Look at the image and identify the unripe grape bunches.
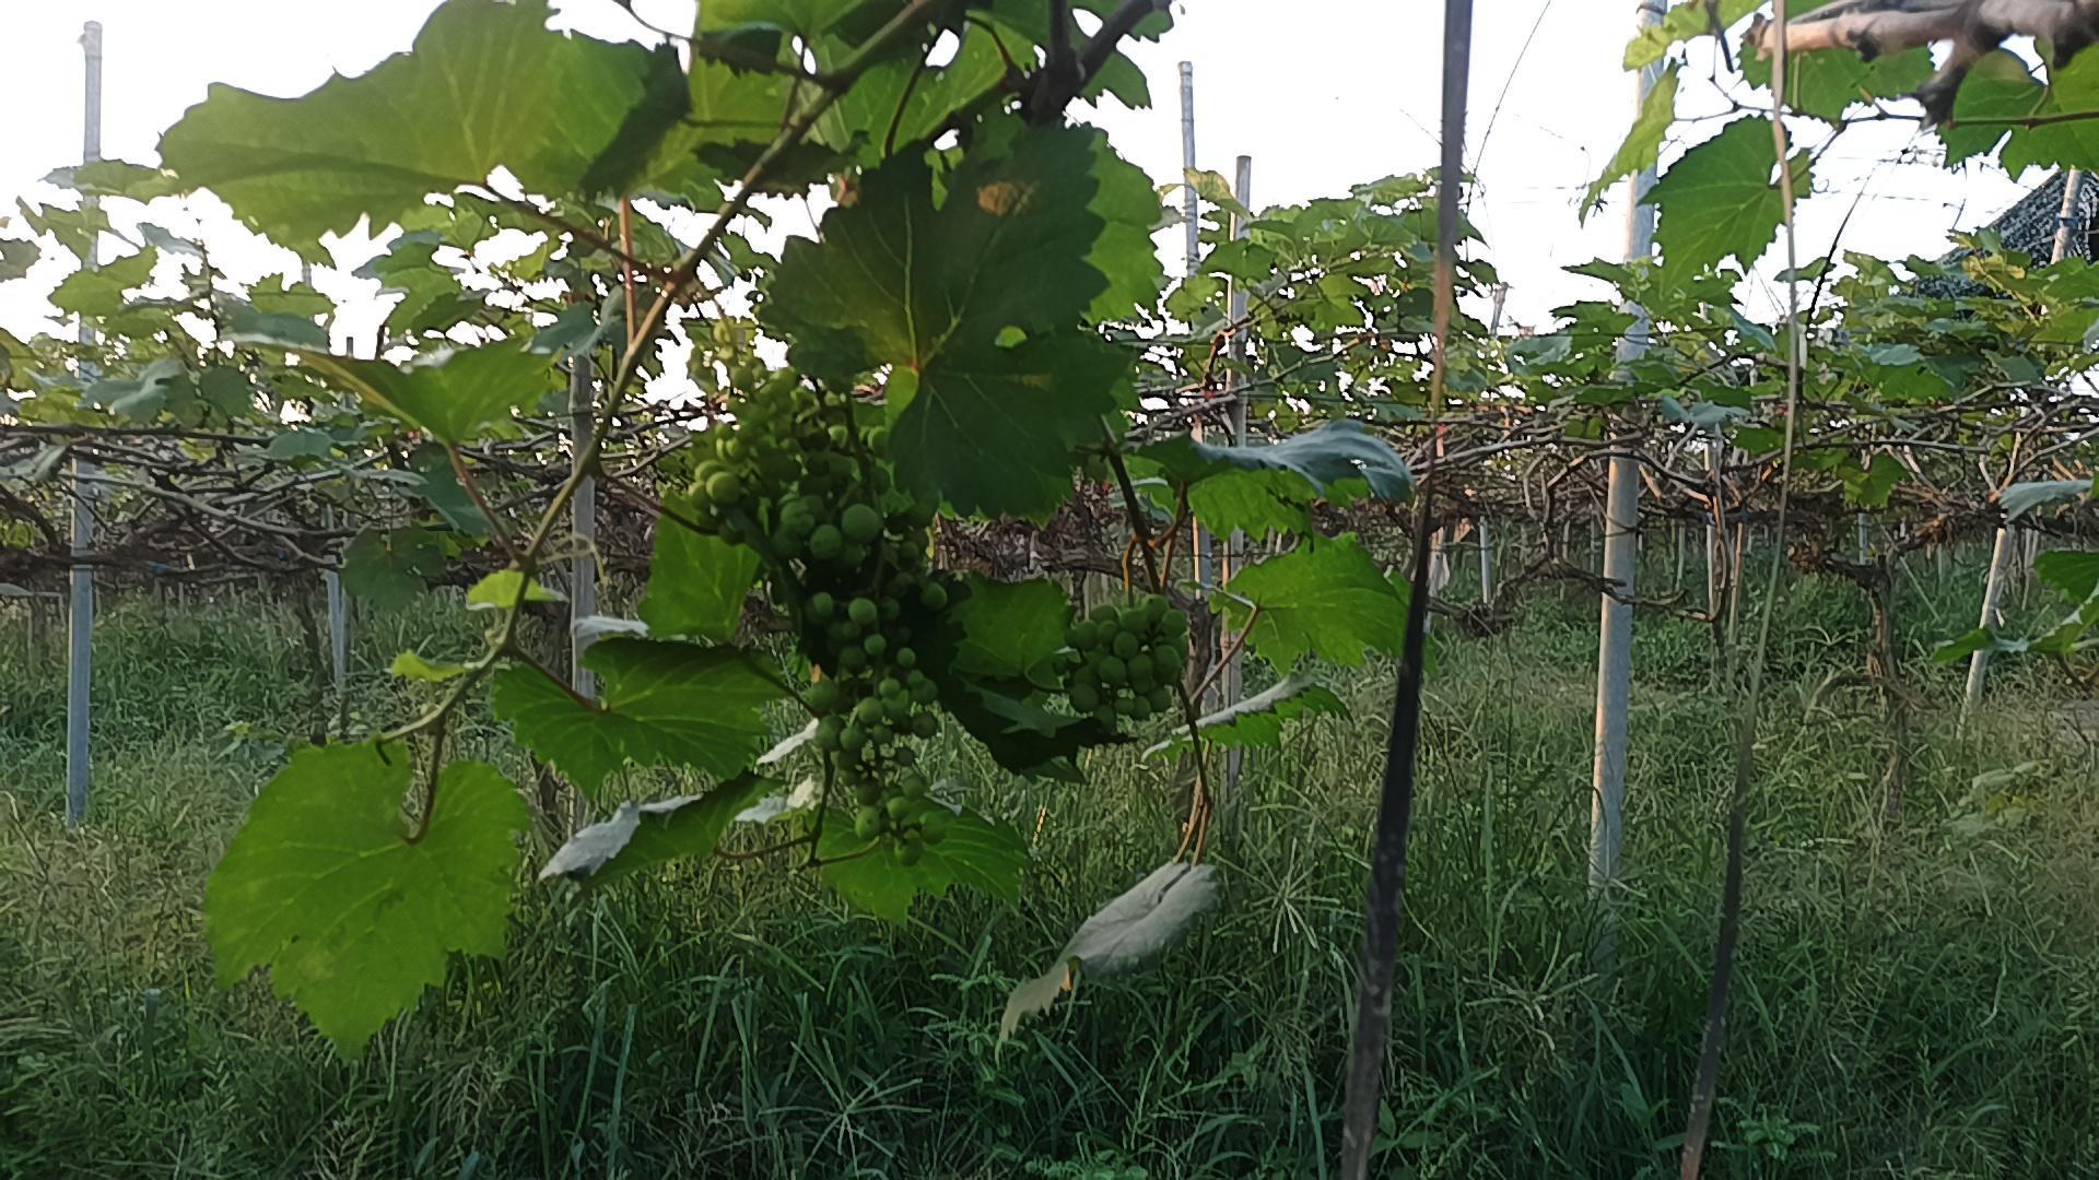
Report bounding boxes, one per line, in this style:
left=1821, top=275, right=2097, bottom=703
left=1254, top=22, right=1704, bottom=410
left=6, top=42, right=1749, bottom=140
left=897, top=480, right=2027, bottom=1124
left=1062, top=597, right=1185, bottom=732
left=685, top=357, right=959, bottom=868
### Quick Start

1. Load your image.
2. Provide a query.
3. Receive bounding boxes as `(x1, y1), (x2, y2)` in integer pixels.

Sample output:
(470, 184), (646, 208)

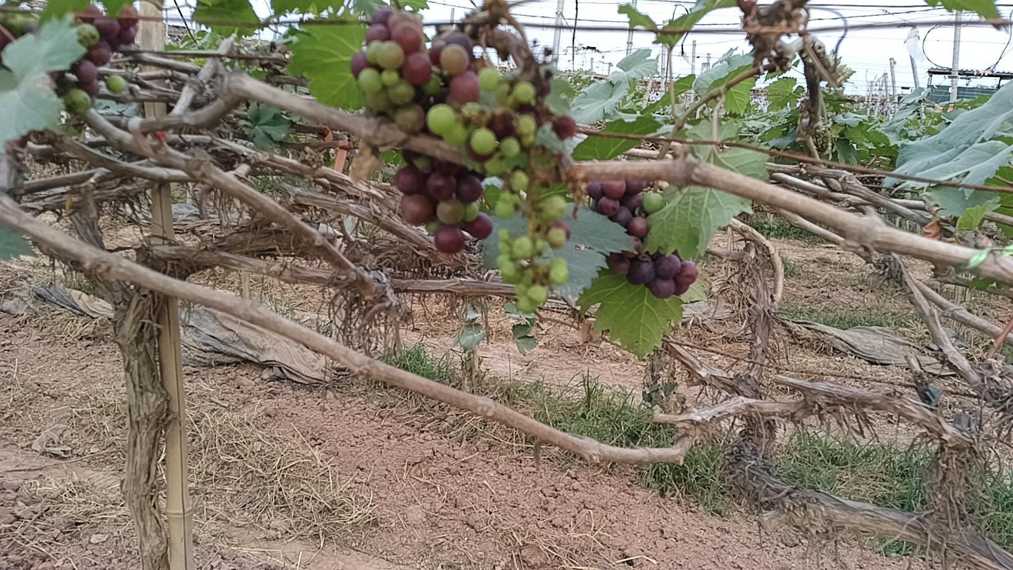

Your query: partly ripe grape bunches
(0, 5), (138, 115)
(587, 181), (697, 299)
(350, 0), (576, 313)

Activity >>
Show each line in the listing above that has "boxes".

Expected answer >>
Report bounding boxes, one per line, in this style:
3. Receive bounding boxes as `(x1, y1), (x2, y2)` in integer pixels.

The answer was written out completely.